How does HIPAA define protected health information?

PHI is individually identifiable health information—any data that identifies or could reasonably identify a person and relates to past, present, or future physical or mental health, the provision of care, or payment for care—when created, received, maintained, or transmitted by a covered entity or business associate.

Can PHI be disclosed without authorization?
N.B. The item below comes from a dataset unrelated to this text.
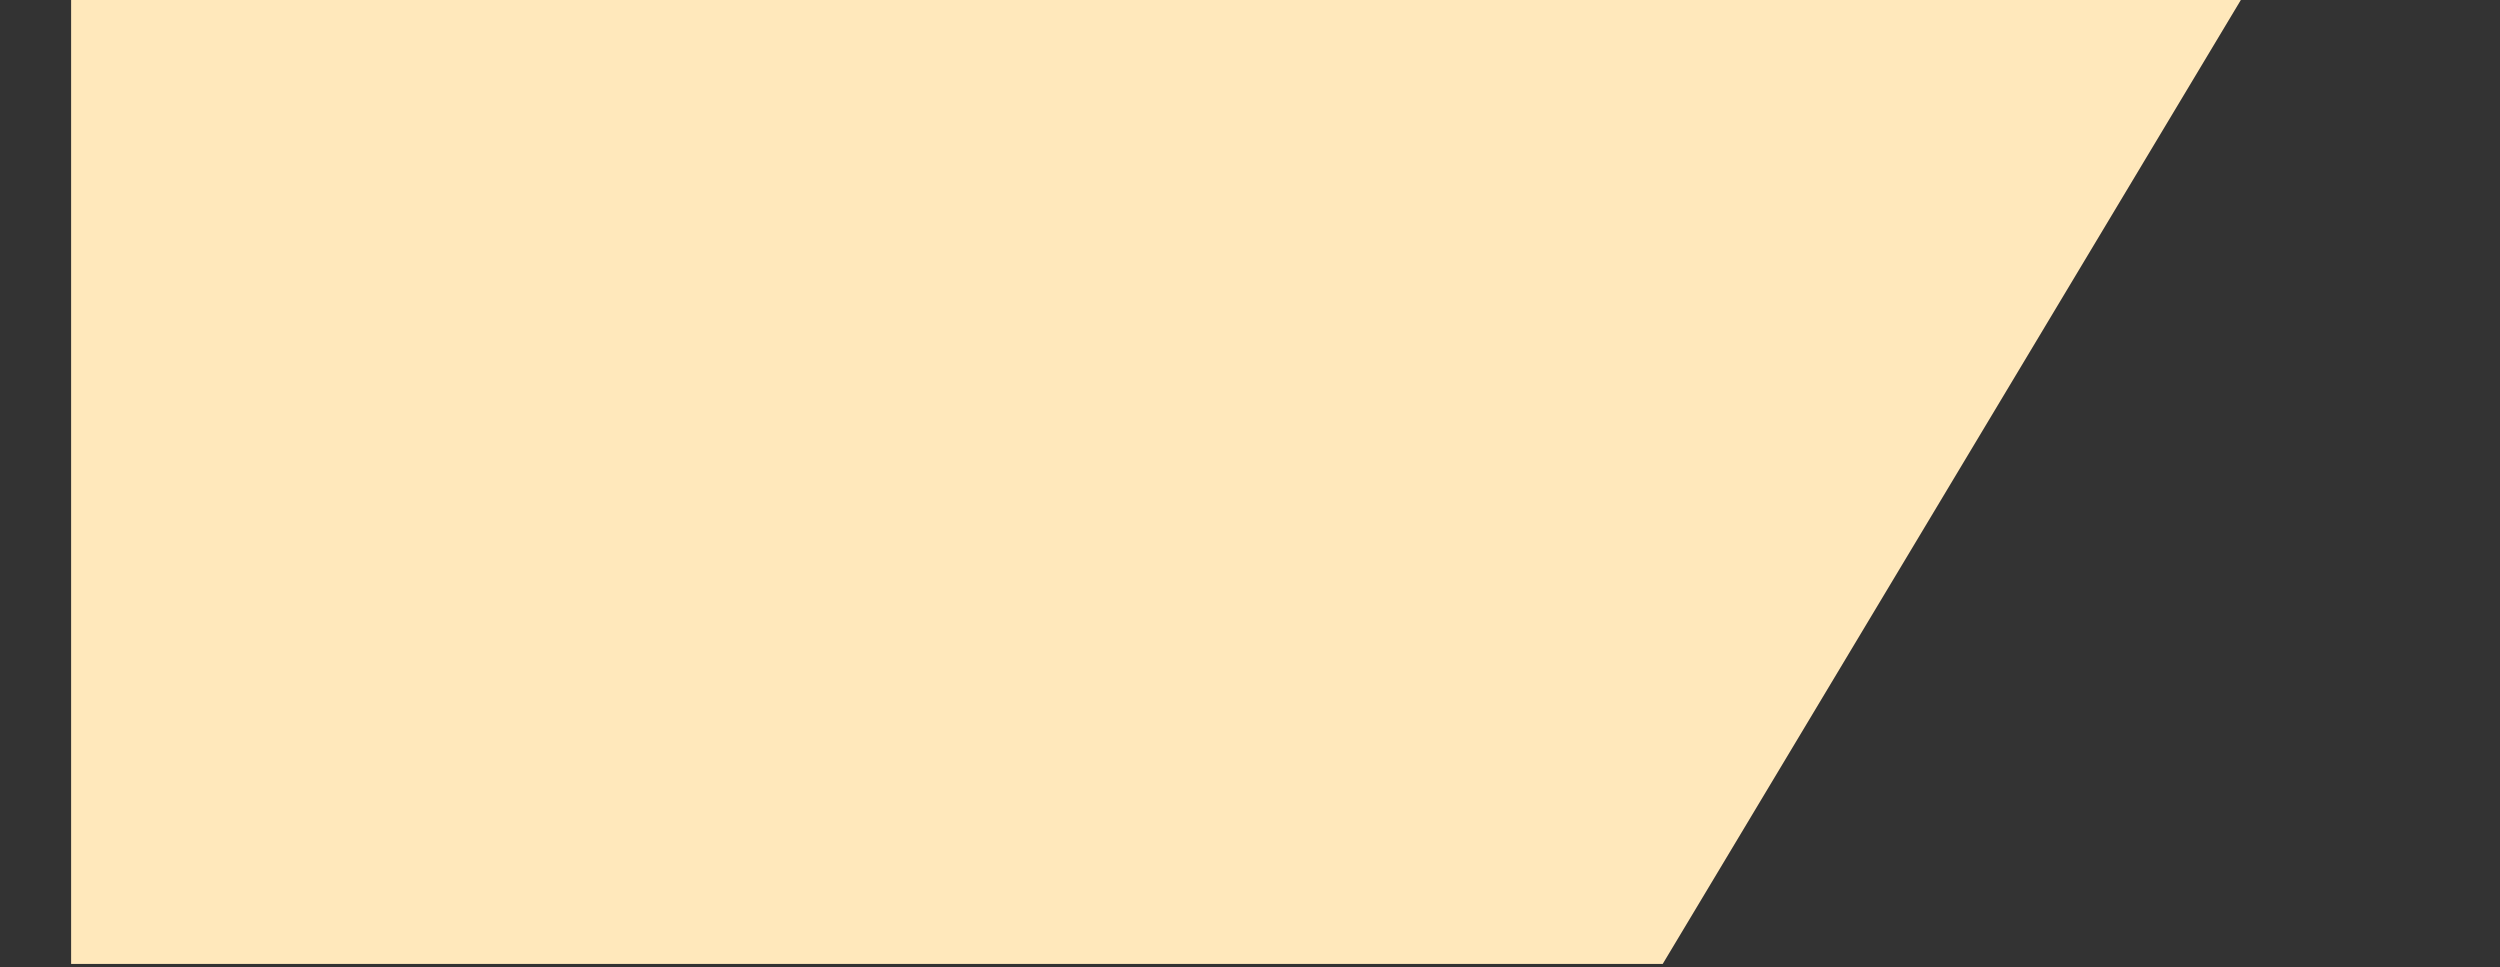 <?xml version="1.0" encoding="UTF-8"?> <svg xmlns="http://www.w3.org/2000/svg" viewBox="0 0 1037.00 401.30" data-guides="{&quot;vertical&quot;:[],&quot;horizontal&quot;:[]}"><rect x="0" y="0" width="1037.00" height="401.30" fill="#333333" stroke="none"/><defs></defs><path fill="#ffe8bb" stroke="none" fill-opacity="1" stroke-width="1" stroke-opacity="1" alignment-baseline="" baseline-shift="" id="tSvg18de3b8c57f" title="Path 11" d="M29.5 399.851C29.5 399.851 29.5 0 29.5 0C29.5 133.284 29.5 266.567 29.5 399.851M29.5 399.851C29.5 399.851 689.688 399.851 689.688 399.851C689.688 399.851 929.5 0 929.5 0C929.5 0 29.5 0 29.5 0C29.5 0 29.5 399.851 29.5 399.851Z"></path></svg>

Yes, in specific circumstances permitted by the HIPAA Privacy Rule, including treatment, payment, and health care operations; when required by law; for certain public health and health oversight activities; for limited research under a waiver or data use agreement; and for emergencies or specific law-enforcement and judicial purposes. Always apply the minimum necessary standard where it applies.

How does de-identification affect PHI status?

Once data are de-identified under HIPAA, they are no longer PHI. You can achieve this via Safe Harbor (remove all 18 identifiers and have no actual knowledge of identifiability) or via Expert Determination (a qualified expert documents that the risk of re-identification is very small and describes the methods used). Re-identification codes must be kept separate and undisclosed.